Notícias da Delegacia de Santo Amaro

polícia durante prisão de estudante
polícia durante prisão de estudante

(Protestos do dia 26/06/2013). Texto de Liana Cirne Lins, advogada. Fonte: Reprodução/Facebook.

Potpourri de absurdos na Delegacia de Santo Amaro nessa última noite. Foi absolutamente notório o esforço para agravar a situação dos manifestantes detidos, uma delas, infelizmente, já presa no Bom Pastor. O fato é que havia uma raiva difusa contra aqueles jovens que estão lutando por um país melhor. O governo de Eduardo Campos já havia, por diversas vezes, dado amostras da sua truculência contra os estudantes.

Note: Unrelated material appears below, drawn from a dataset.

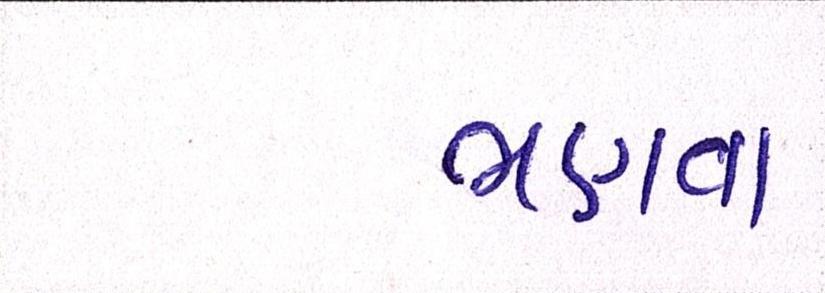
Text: ભણવા

Para quem só acordou agora, vou lembrar da grande manifestação contra aumentos das passagens de ônibus anos atrás. A polícia, naquela ocasião, agia também como nos tempos da ditadura, como foi agora.
A diferença é que, naquele momento, o gigante estava dormindo. Ou pior, lendo Veja.
E agora, esses meninos e meninas que estão indo às ruas, quando o gigante foi novamente tirar sua soneca, em muito menor número do que há uma semana, esses meninos e meninas são os herois nacionais.
De onde moro, por ironia, vi do alto toda a situação.
Uma massa de jovens gritando “vem pra rua”. Luzes nos prédios piscando.
De repente, 5 viaturas invadem a manifestação. E aí eu já estava descendo às pressas para a delegacia, onde passei quase 9 horas.
Para nada.
Porque onde falta democracia, advogado não é bem-vindo.
Vejamos:
1) Minha entrada (e a de vários outros colegas advogados) foi barrada, sob a desculpa absurda de que eu não possuía procuração dos meus constituintes.
2) Finalmente, após cerca de 20 minutos, consegui entrar na delegacia, mas para tanto uma outra colega teve que sair, pois eles não admitiam que um detido tivesse mais de um advogado.
3) Até a primeira estudante ser liberada, passaram-se mais de 4 horas. Nessas quatro horas, nem eu, nem a estudante que eu estava defendendo fomos ouvidas.
4) A policial que fez a ocorrência afirmou que nada tinha acontecido (em relação a estudante da UFPE detida por resistência), tanto para mim quanto para outro advogado, mas que estava sendo pressionada a fazer a ocorrência.
5) As fianças para o estudante de história da UFRPE e para a estudante da FAFIRE foram arbitradas ANTES que os mesmos tivesses sido ouvidos, em R$ 5.000,00 para cada, ao total arrepio das condições econômicas desses estudantes.
6) A convicção da Delegada estava formada, portanto, também ANTES que fossem ouvidas suas versões e com total arrepio ao princípio do contraditório.
7) A pedido da advogada Noelia Terena Brito , duas testemunhas de defesa (entre inúmeras que aguardavam do lado de fora), foram admitidas. Para nossa total surpresa, uma das testemunhas, ao entrar na delegacia voluntariamente, a pedido dos advogados, foi TAMBÉM DETIDA, NÃO PÔDE TESTEMUNHAR E SOMENTE FOI LIBERADA APÓS ASSINAR TCO POR OBSTRUÇÃO DA JUSTIÇA.
9) Naturalmente, impedimos que o outro estudante que também testemunharia entrasse na delegacia, para não sofrer o mesmo abuso.
10) A jovem estudante da FAFIRE foi detida, segundo os policiais, com uma sacola com “artefatos explosivos”. A estudante afirma que ela não tinha a menor condição de portar bolsa ou sacola, pois empunhava um megafone nas mãos o tempo inteiro.
11) De qualquer forma, o porte de artefatos explosivos foi configurado pela questionável posse de 3 bombas de São João, conhecidas como “peido de velha”!!!!
12) Essa jovem encontra-se agora no presídio Bom Pastor, pois o acordo de mantê-la detida na Delegacia não foi cumprido.
13) Não bastasse tudo isso, o site do TJPE não informava os contatos do juízo plantonista, para que pudéssemos impetrar os habeas corpus e evitar a prisão dos estudantes.
14) O único advogado recebido adequadamente pela Delegada foi o Presidente da OAB/PE, Dr. Pedro Henrique Reynaldo Alves, que saiu do desembarque do aeroporto diretamente para as delegacias. Ainda assim, não pôde dissuadir a Delegada do desacerto do procedimento como um todo.

É com grande preocupação e tristeza que escrevo esse relato parcial e fragmentado dos excessos e abusos que ocorreram nessa última noite.

A arbitrariedade na formação da convicção, o desrespeito ao contraditório, o desrespeito à ampla defesa, o desrespeito às prerrogativas dos advogados foram próprias de um estado de exceção. E lamentavelmente o nome desse estado de exceção é Estado de Pernambuco. Imoral? Imoral?